How to complete this task:
Quote the listing below in its entirety, omitting every image.

Given records:
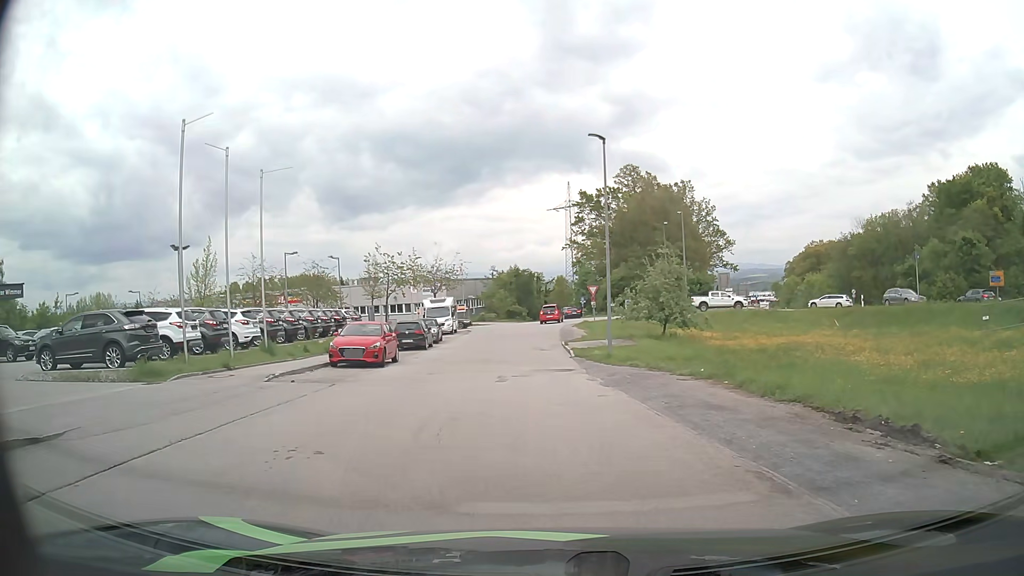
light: Day
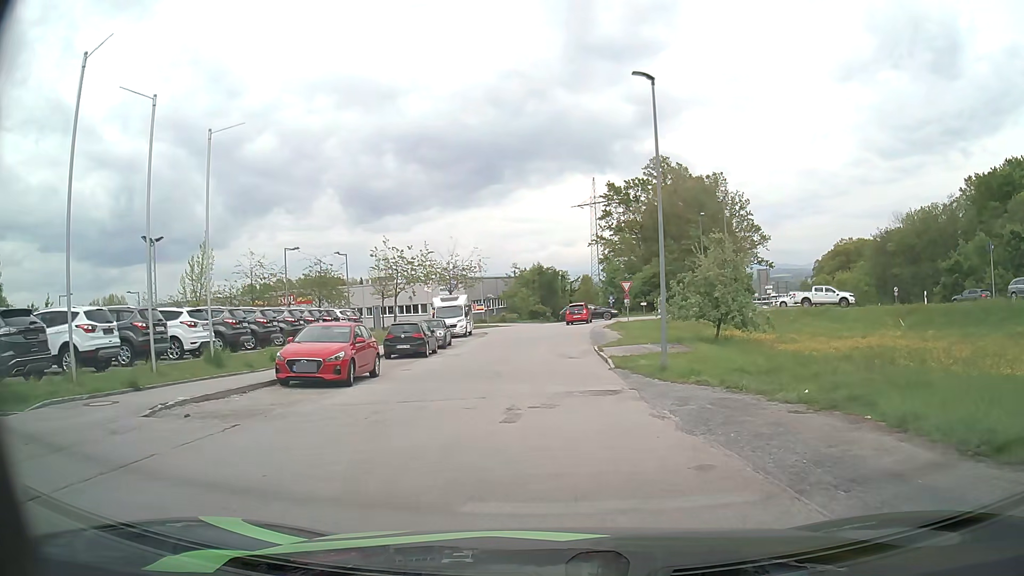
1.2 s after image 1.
(-0.1, +6.4) m; -1°
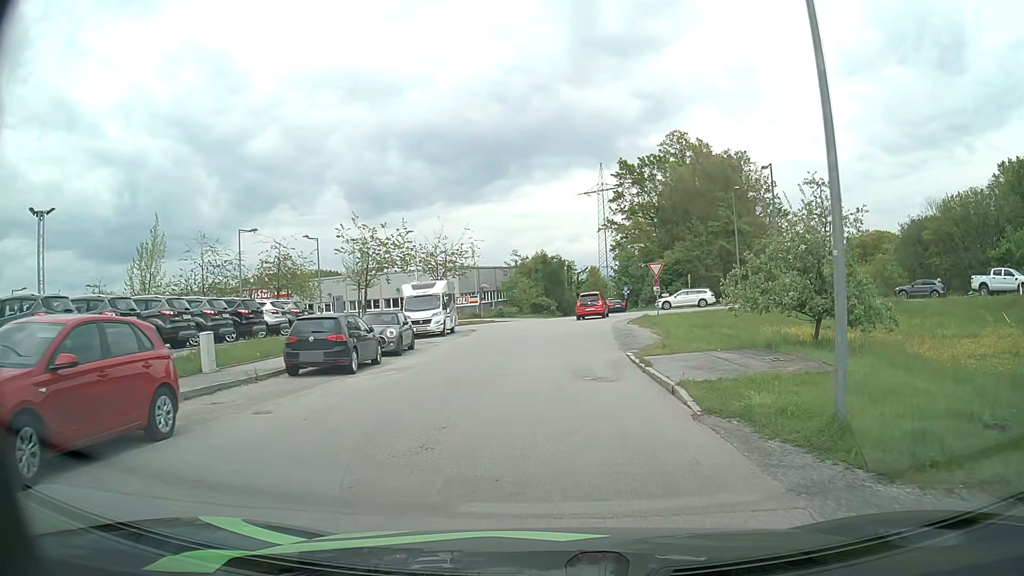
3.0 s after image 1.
(-0.1, +10.8) m; 0°
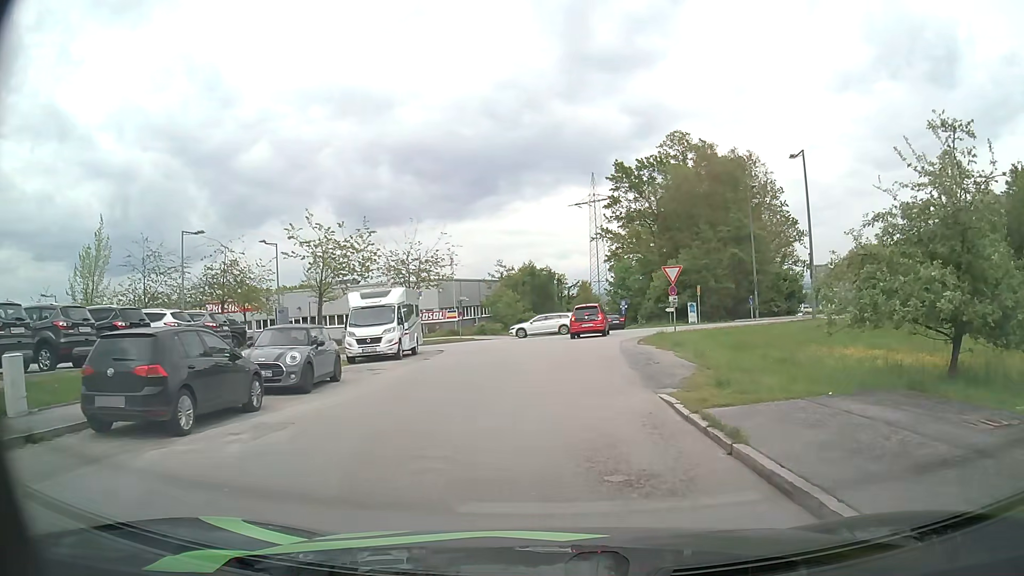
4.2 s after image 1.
(0.0, +7.6) m; 0°
(0, +10) (+1, +20) (+2, +30) (0, +40) (-7, +46) (-17, +50) (-27, +52) (-36, +54) (-46, +57) (-56, +59) m

Your solution:
light: Day
1.2 s after image 1.
(-0.1, +6.4) m; -1°
3.0 s after image 1.
(-0.1, +10.8) m; 0°
4.2 s after image 1.
(0.0, +7.6) m; 0°
(0, +10) (+1, +20) (+2, +30) (0, +40) (-7, +46) (-17, +50) (-27, +52) (-36, +54) (-46, +57) (-56, +59) m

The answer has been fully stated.